▶ [EXERCISE]:
Out of the data below, copy every line with the string "ECLI".
Start of DATA TO PROCESS
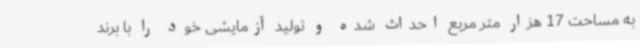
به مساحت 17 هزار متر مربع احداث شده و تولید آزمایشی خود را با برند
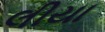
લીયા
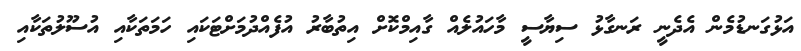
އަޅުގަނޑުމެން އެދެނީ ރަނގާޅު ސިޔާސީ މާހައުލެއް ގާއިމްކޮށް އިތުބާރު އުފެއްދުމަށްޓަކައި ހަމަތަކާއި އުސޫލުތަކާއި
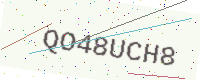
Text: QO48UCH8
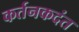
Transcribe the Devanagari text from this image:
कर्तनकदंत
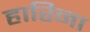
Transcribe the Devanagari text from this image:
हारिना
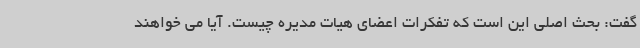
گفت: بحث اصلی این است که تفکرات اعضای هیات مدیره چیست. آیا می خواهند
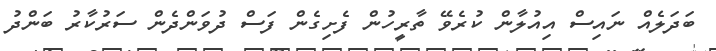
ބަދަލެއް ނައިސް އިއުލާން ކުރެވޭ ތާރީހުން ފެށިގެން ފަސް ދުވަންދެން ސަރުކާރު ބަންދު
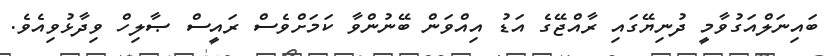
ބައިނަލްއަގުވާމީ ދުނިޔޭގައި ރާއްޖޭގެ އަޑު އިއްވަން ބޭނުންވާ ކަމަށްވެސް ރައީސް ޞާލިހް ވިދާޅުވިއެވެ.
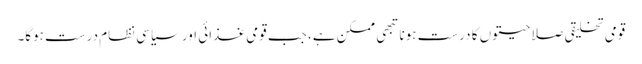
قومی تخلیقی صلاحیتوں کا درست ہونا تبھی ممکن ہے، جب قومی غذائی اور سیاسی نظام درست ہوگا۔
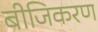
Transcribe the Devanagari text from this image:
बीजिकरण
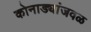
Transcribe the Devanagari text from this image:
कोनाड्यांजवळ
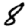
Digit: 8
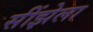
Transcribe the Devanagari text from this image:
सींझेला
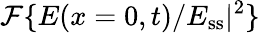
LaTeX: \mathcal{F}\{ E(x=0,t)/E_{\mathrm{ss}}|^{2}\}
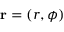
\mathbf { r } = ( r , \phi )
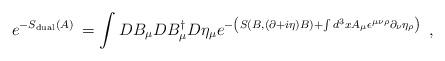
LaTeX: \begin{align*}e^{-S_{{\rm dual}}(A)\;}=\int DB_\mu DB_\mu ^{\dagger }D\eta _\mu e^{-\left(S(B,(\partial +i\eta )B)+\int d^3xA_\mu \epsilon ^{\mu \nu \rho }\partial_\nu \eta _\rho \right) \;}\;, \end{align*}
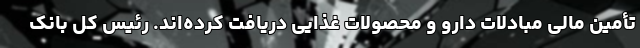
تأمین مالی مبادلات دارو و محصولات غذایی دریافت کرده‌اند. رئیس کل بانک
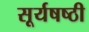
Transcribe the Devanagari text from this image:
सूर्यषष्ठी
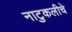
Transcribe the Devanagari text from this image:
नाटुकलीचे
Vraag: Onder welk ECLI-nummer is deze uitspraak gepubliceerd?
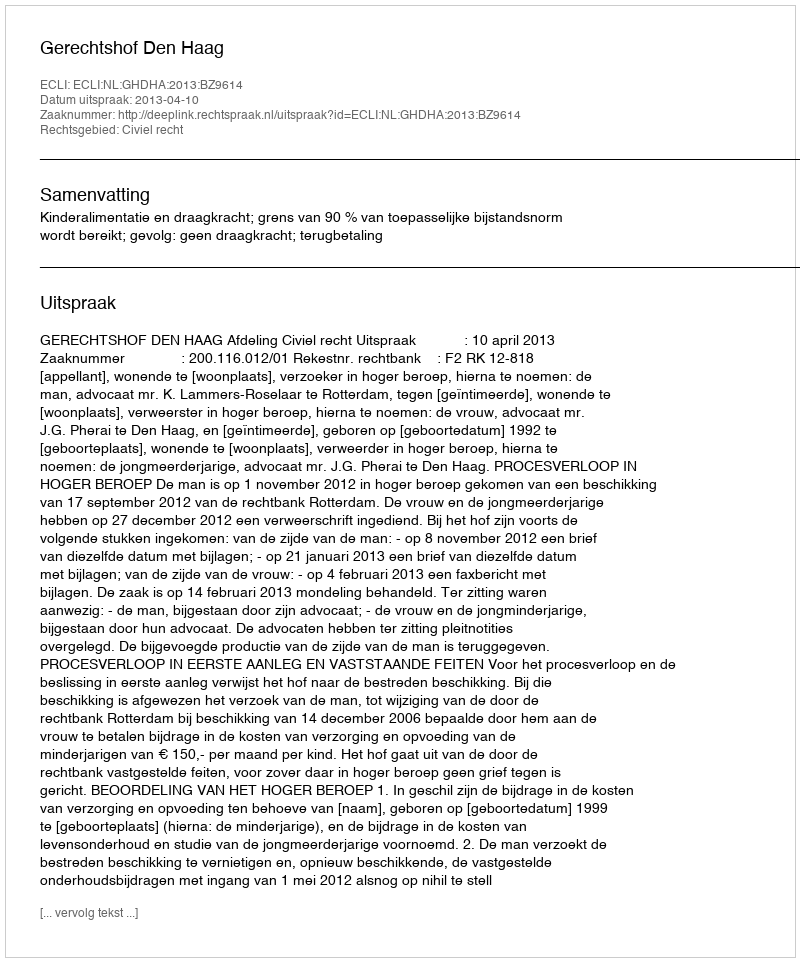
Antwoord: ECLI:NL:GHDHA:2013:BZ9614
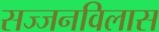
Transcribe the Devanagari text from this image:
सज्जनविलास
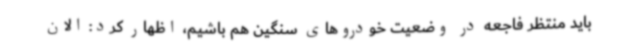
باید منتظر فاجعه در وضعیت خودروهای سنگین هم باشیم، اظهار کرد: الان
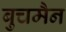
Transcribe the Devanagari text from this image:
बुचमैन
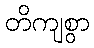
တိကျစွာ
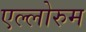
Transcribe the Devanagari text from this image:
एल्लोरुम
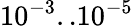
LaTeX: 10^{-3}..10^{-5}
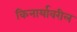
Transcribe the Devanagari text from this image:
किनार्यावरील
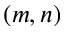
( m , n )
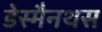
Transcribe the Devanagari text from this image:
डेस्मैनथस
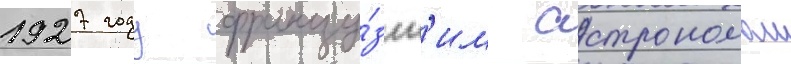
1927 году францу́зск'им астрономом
End of DATA TO PROCESS
▶ [SOLUTION]:
Vraag: Onder welk ECLI-nummer is deze uitspraak gepubliceerd?
Antwoord: ECLI:NL:GHDHA:2013:BZ9614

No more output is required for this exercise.